Research on Alzheimer’s has mainly focused on Caucasians. New findings, however, suggest the disease process that leads to dementia may differ in African–Americans. According to a study published Monday in JAMA Neurology, the brains of African–Americans diagnosed with Alzheimer’s have less buildup of a protein called tau—one of the two hallmark proteins that characterize the disease.
It is not clear why African–Americans would have less tau while still suffering from Alzheimer’s, says neurologist John Morris, who led the research. But the finding is significant because it means the medical community needs to exercise caution when defining Alzheimer’s by measures of tau buildup alone. The study also suggests race might affect other aspects of the disease’s pathology, says Morris, who directs the Knight Alzheimer Disease Research Center at Washington University in Saint Louis. “The study of Alzheimer’s disease, which really began formally in the United States in the mid-1980s, has largely been of white people,” he notes. “The U.S. in general and the older adult portion of the U.S. population is increasingly diverse, so we really do need to study all populations to try to understand the disease and its forms.”
For the moment, the differences detected in the disease’s pathology will not change existing treatment protocols, which do not yet look at certain aberrant proteins to make a diagnosis. Physicians today diagnose Alzheimer’s largely based on a patient’s neuropsychological characteristics. But once researchers have developed a more practical way to measure levels of key proteins involved in the disease, such differences could be crucial for accurate diagnoses, Morris says. Brain scans can detect tau as well as amyloid beta—another protein that builds up in the brains of Alzheimer’s sufferers—but the scans are expensive and not widely available.
The study found no racial difference in amyloid levels. African–American study participants, though, had a much lower concentration of tangled clumps of the tau protein, whether or not they had dementia. The research looked at 1,255 people – some with Alzheimer’s, some cognitively normal – including 173 African–Americans.
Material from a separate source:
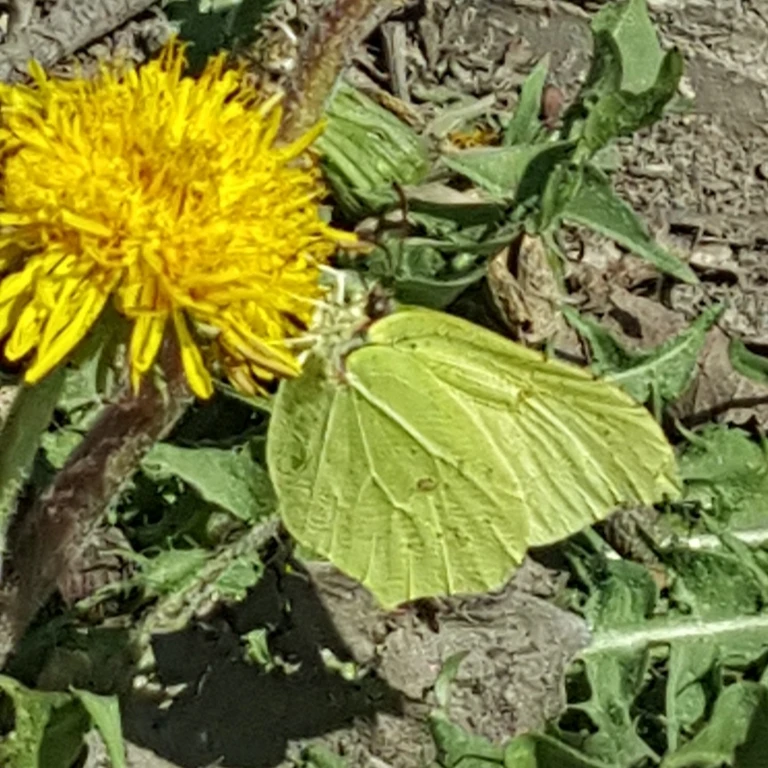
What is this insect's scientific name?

The study also found that a variant of a gene called APOE4, which confers a high risk of Alzheimer’s in whites, seemed to be less of a peril for African–Americans. The latter tended to have much lower tau levels if they had the APOE4 variant, suggesting they suffered less neurological damage because of the lesser tau exposure. “The mechanism may be different in African–Americans than it is in whites,” Morris says. Alzheimer’s occurs more often in black Americans, even if the gene itself is more benign. Morris says some blacks may be more likely to wait until advanced stages of the disease before seeking medical care.
Other research has suggested APOE4 provides some protection against infectious diseases including malaria, and that the gene is more common in people whose ancestors came to the U.S. from tropical climates where those diseases are more frequent. Among the Saint Louis study participants, African–Americans were just as likely to have the APOE4 gene as were Caucasians. But in an earlier study in Atlanta that also looked at tau and APOE4, black Americans with dementia were far more likely to carry APOE4. African–Americans had lower levels of tau in both studies.
Tau may accumulate differently in the brains of African–Americans because of genetic differences between the races or because of the chronic stress of racism and other factors, notes William Hu, a neurologist and researcher at Emory University School of Medicine who led the earlier study. It is unclear what the mechanism might be, but African–Americans are known to have a different response to inflammation than whites, he says. “There may be a different inflammatory response that would lead to a different tau-based response.”
In the new research, tau was measured in cerebrospinal fluid. Patients also underwent PET brain scans to measure amyloid buildup, MRIs to gauge brain volume, genetic testing for APOE4 status and other clinical evaluations. “This is a critically important study as we move toward the goal of individualized medicine,” Hu says.
If lower levels of the tau protein mean a patient has less Alzheimer’s-related damage to the brain, as research suggests, African–Americans with these relatively low levels might be more responsive to drugs that are being developed to attack amyloid, Hu says. Amyloid tends to aggregate before tau in the disease process.
These regional research efforts, Hu says, should spur a nationwide study that examines how race affects various aspects of disease progression. Such a study, he adds, should be designed with a proportionally higher number of black participants to make the findings statistically valid. The race a person checks off on a form is a crude biological measure. Eventually, he says, this type of study will define groups by genetic makeup rather than self-described race to account for the many individuals of mixed heritage.
Morris also urges more investigation to understand how Alzheimer’s acts in diverse groups of people. “I hope this publication will stimulate the need for our research efforts to become more welcoming to people of color,” he says, “and not settle for enrolling individuals who are fairly easy to enroll: upper-class whites.”
Keith Fargo, the director of scientific programs and outreach for the Alzheimer’s Association, says the study is a reminder that measuring protein levels in the brain and other advances should not be used yet in physicians’ offices until they are better understood. “It’s a good idea to continue to measure these biomarkers in all different kinds of people—and not get too far ahead of ourselves in terms of clinical practice,” he says.